A lot of the arcade games are fun to play around with. There are certainly a share of losers in the bunch, but when the games are good, it’s fun to return to them multiple times to complete Goals and play around. There are some fun mash-ups too, like a starting game that’s Pac-Man plus Grand Theft Auto. Seeing how creative some games are, when the games ARE just a straight pastiche, it feels really disappointing. Like, there’s a Pong game and it’s just… Pong. Then a digital version of air hockey. Then a real version of air hockey... Some games have persistent upgrades that carry across plays, but most of the hardest games don’t have upgrades and the upgrades are usually on the easier games, like Out Run and Mr. Driller.

There are A LOT of quality of life features that could be added, but they fall much lower on the priority compared to the godawful balancing and the bugs.
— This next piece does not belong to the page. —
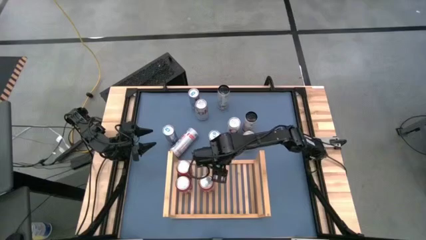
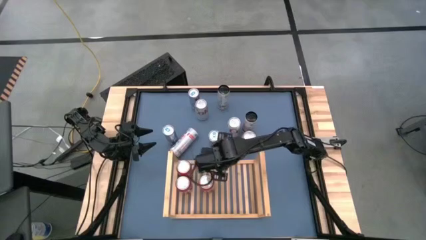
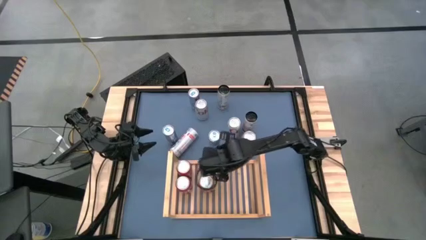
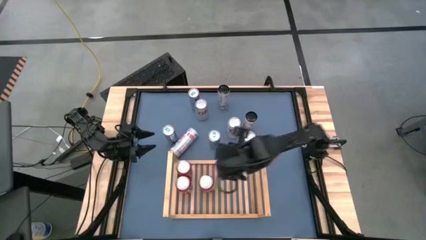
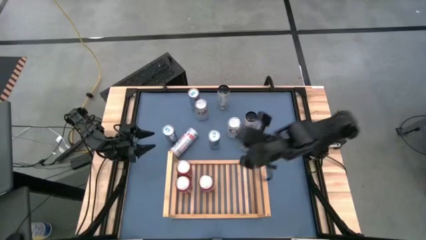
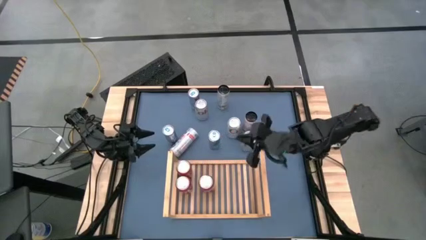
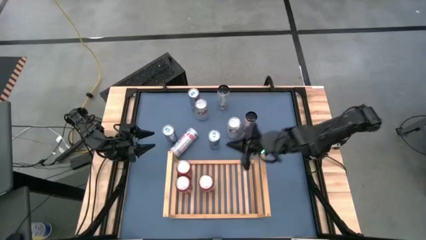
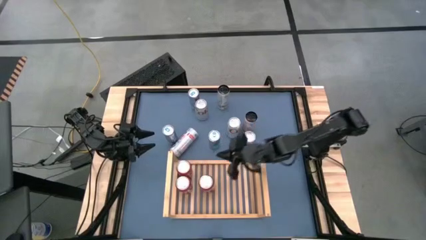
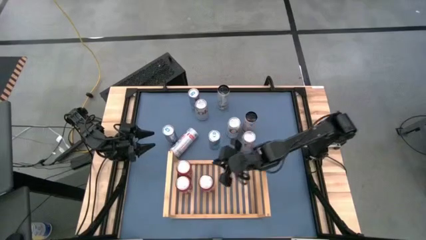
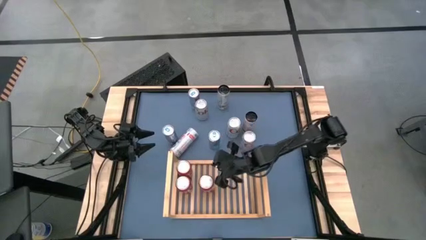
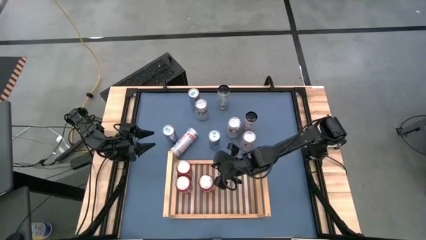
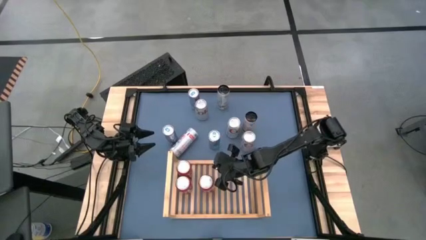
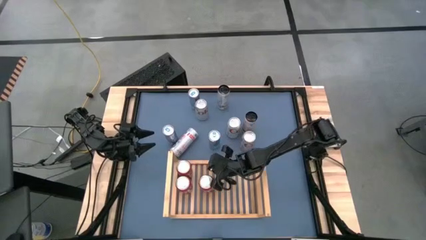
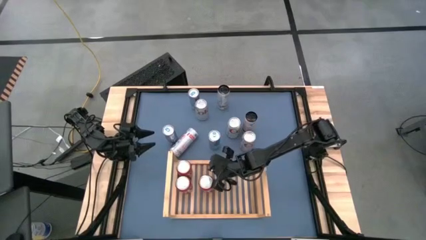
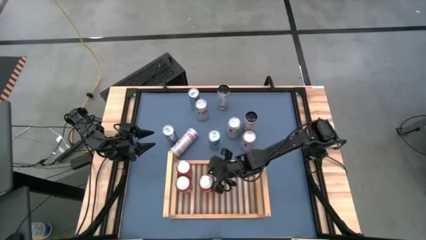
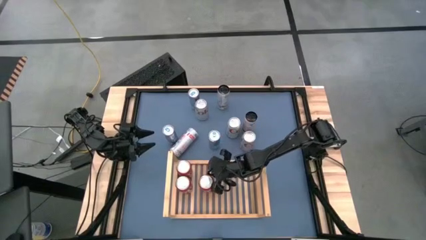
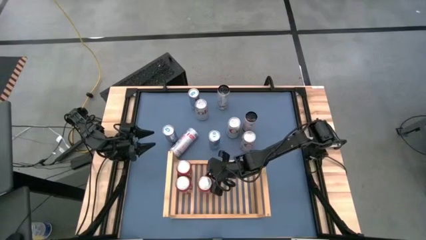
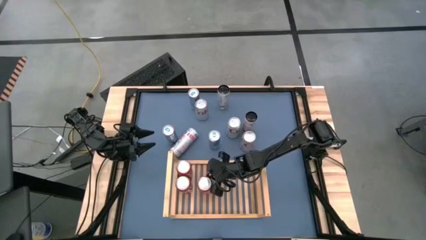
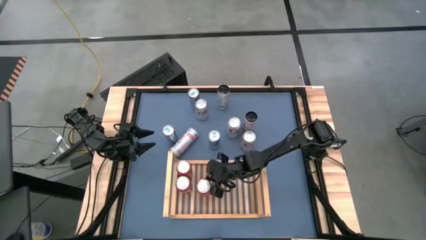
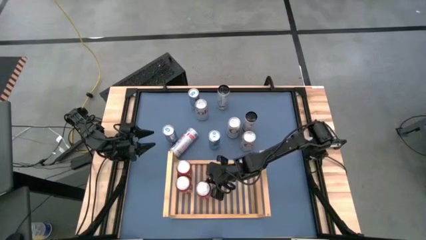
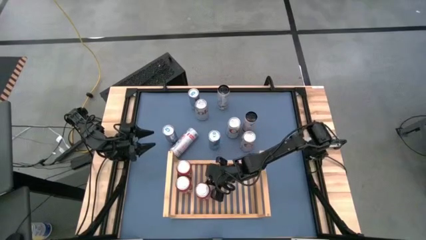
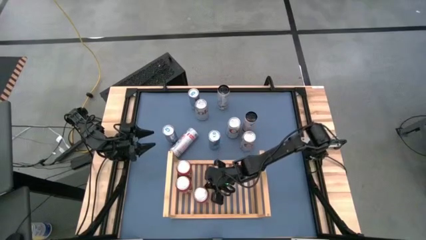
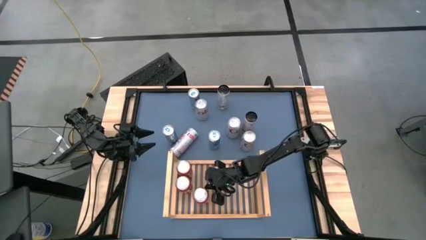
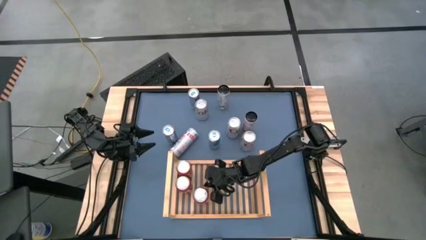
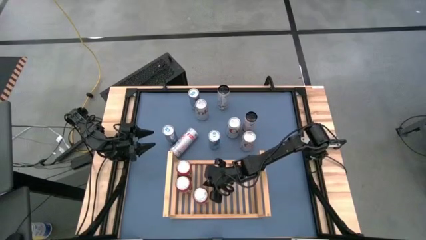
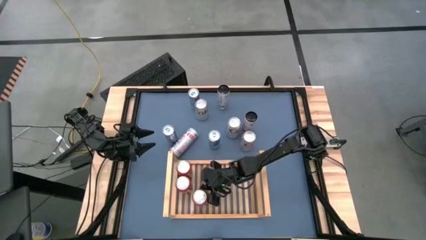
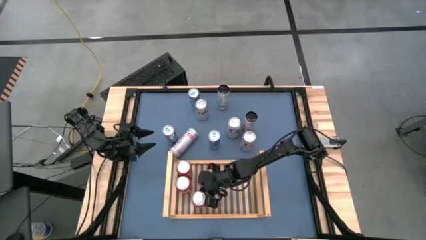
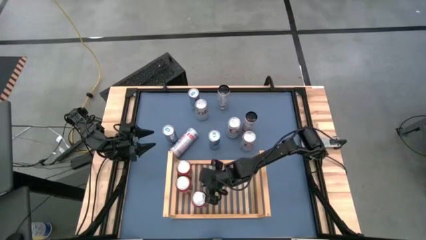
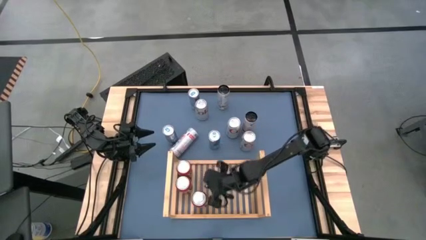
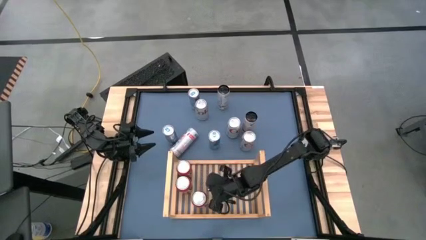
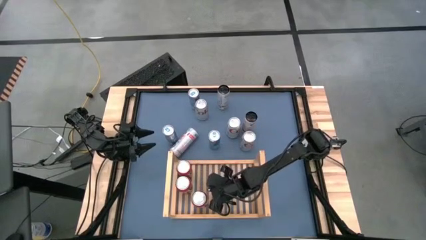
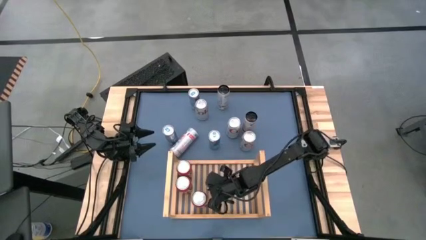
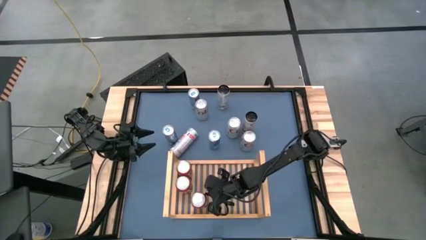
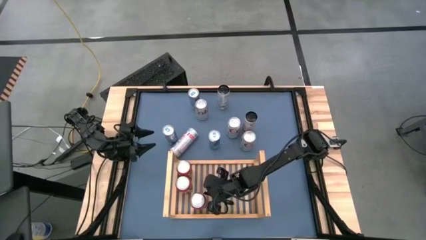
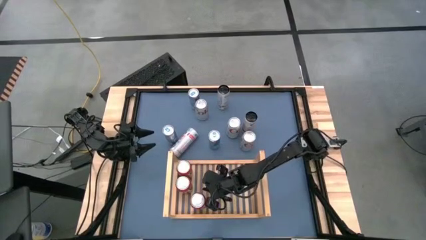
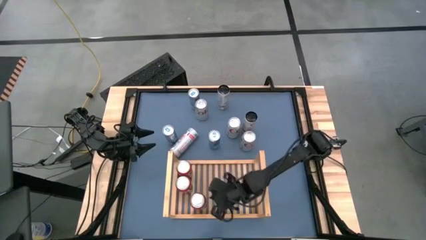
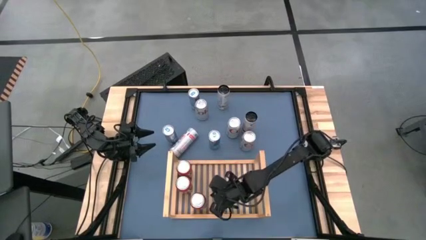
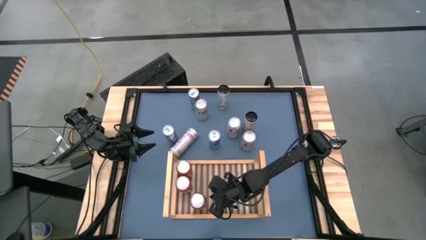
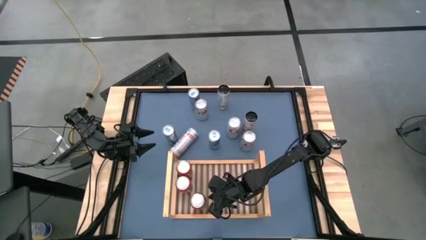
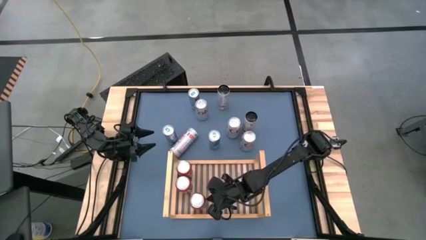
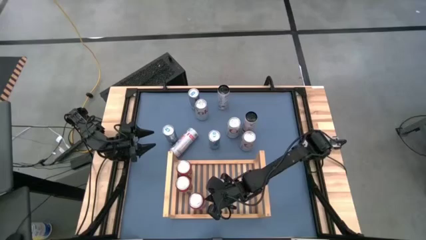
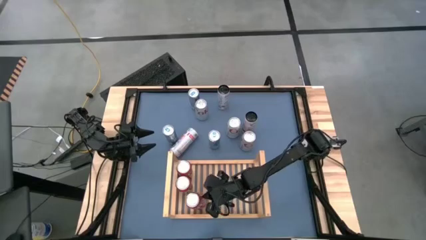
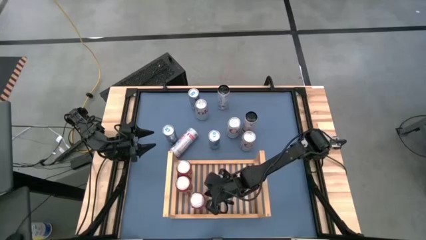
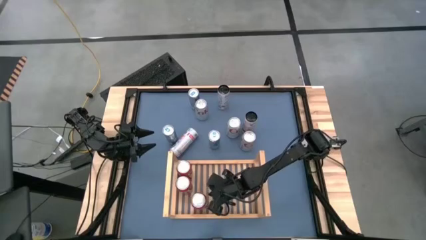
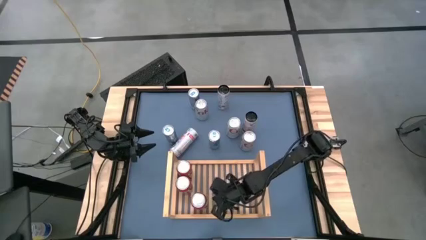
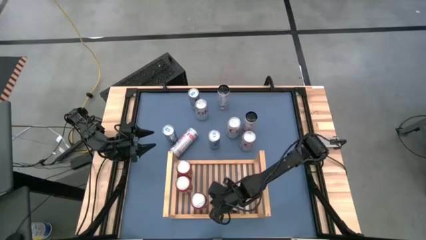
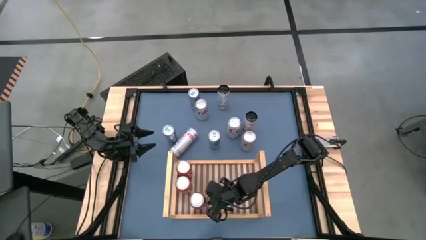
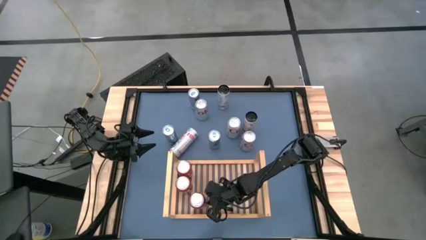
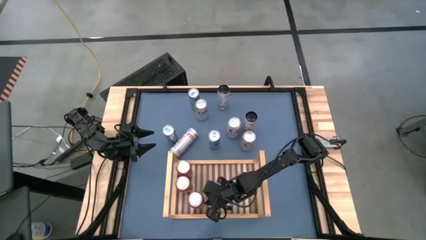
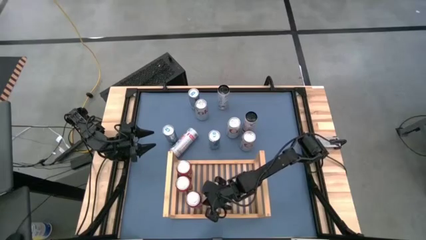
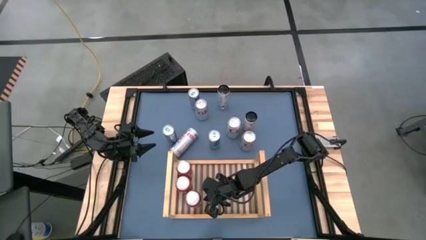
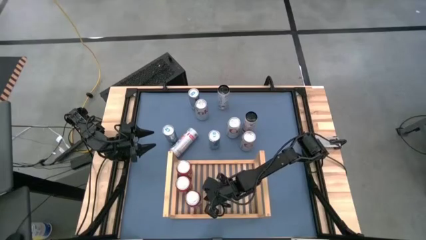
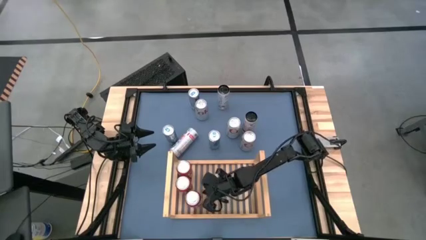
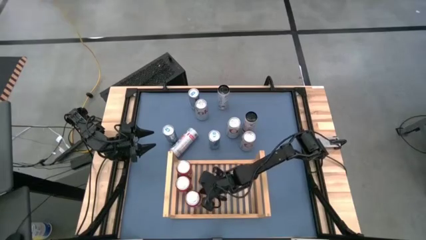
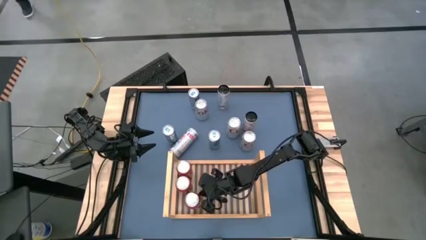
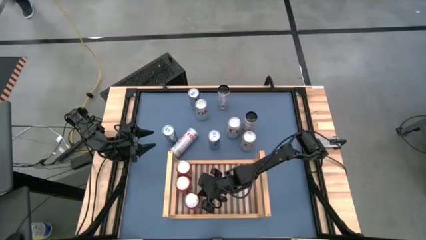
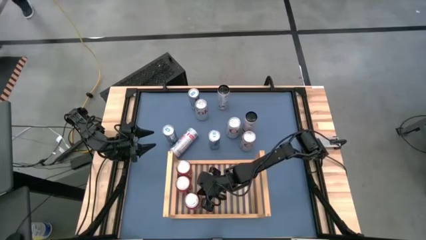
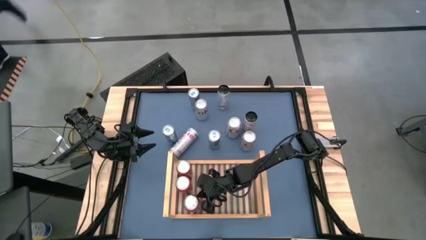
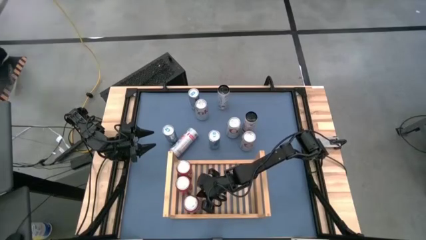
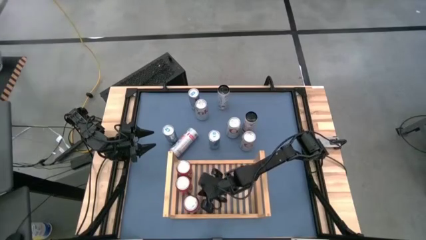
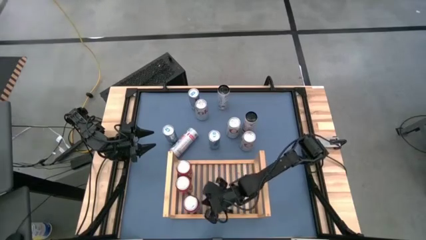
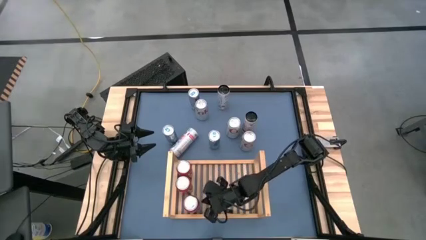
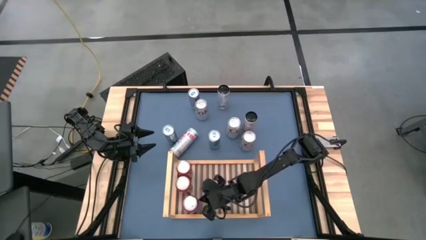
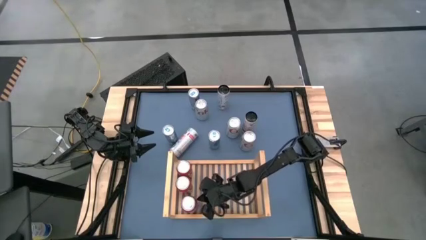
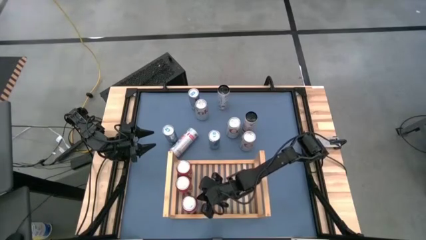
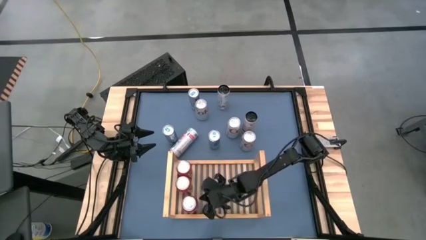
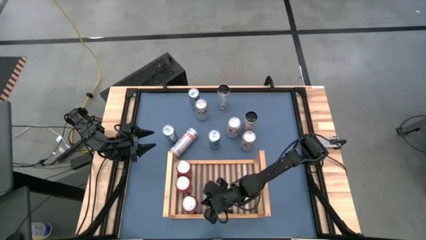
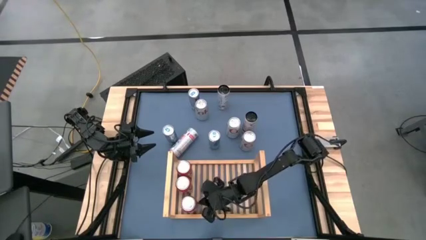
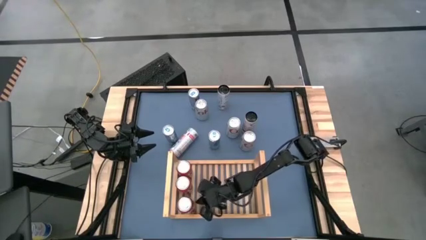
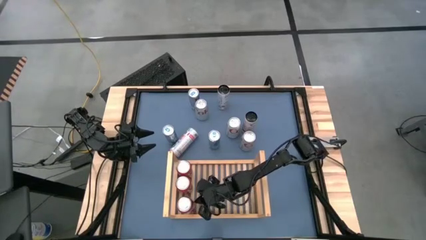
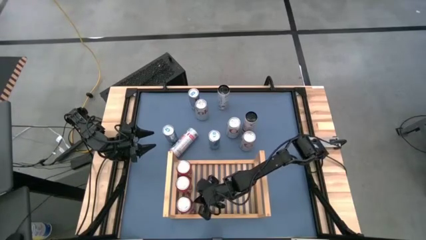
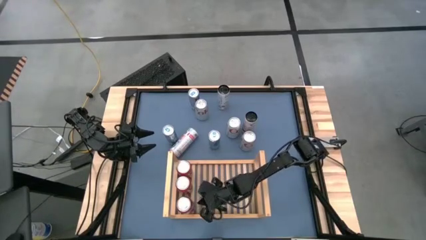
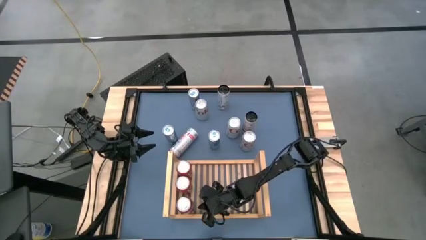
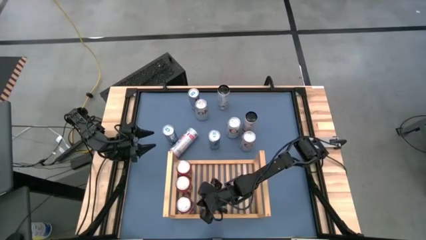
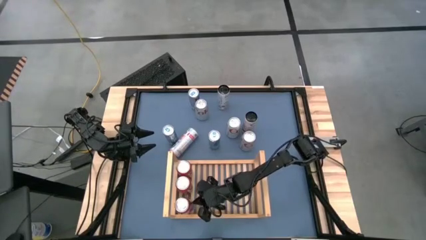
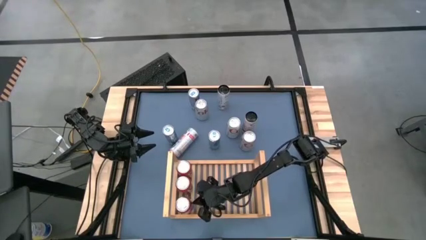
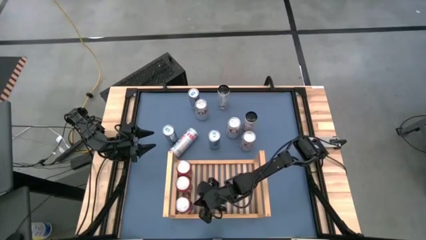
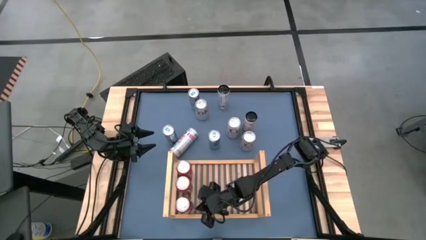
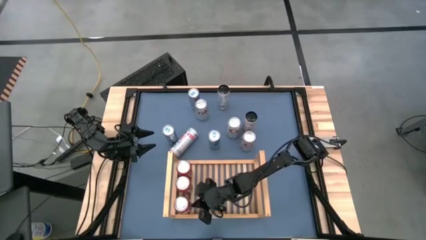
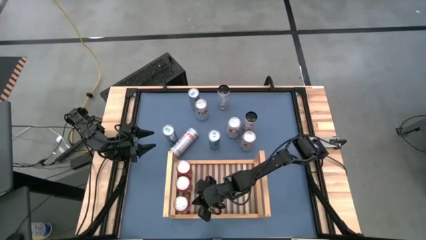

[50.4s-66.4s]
Task: Place canned beverage on shelf
Put the red soda can on the shelf aligned with the other red soda can

Some games/goals/directions are just poorly explained or worded. It’s always reassuring when you find multiple search results of people asking the same question to figure out how to play a game or what an objective means. Some goals require you to do a lot of tasks (like listen to every song on the jukebox), but there doesn’t appear to be any indication of which songs you’ve listened to. Of course, as of writing this, some of the jukebox Goals are totally broken. I’ve listened to 11 tracks to completion and my Goals still show that I’m at 8/10 songs, which is at least better than the first patch where I was stuck at 1/10. It would be really nice to be able to put games into storage so you still own them but no longer get To Dos related to them. It’s not quick to rearrange the arcade, and I want a clean way for me to track what games I have Goals left for or that I’m working on and so I never have to look at some of those bad games again.

I don’t know if the dev team just ran out of money and had to shove the game out the door unfinished, untested, unfixed, and unbalanced or what. Did they not know how good the game could be? Did they just not care? Only they can answer these questions, but the state of the game is heartbreaking compared to how special it could be. I really hope with enough updates it gets there, but the state of the launched game plus updates doesn’t make me feel good about its prospects.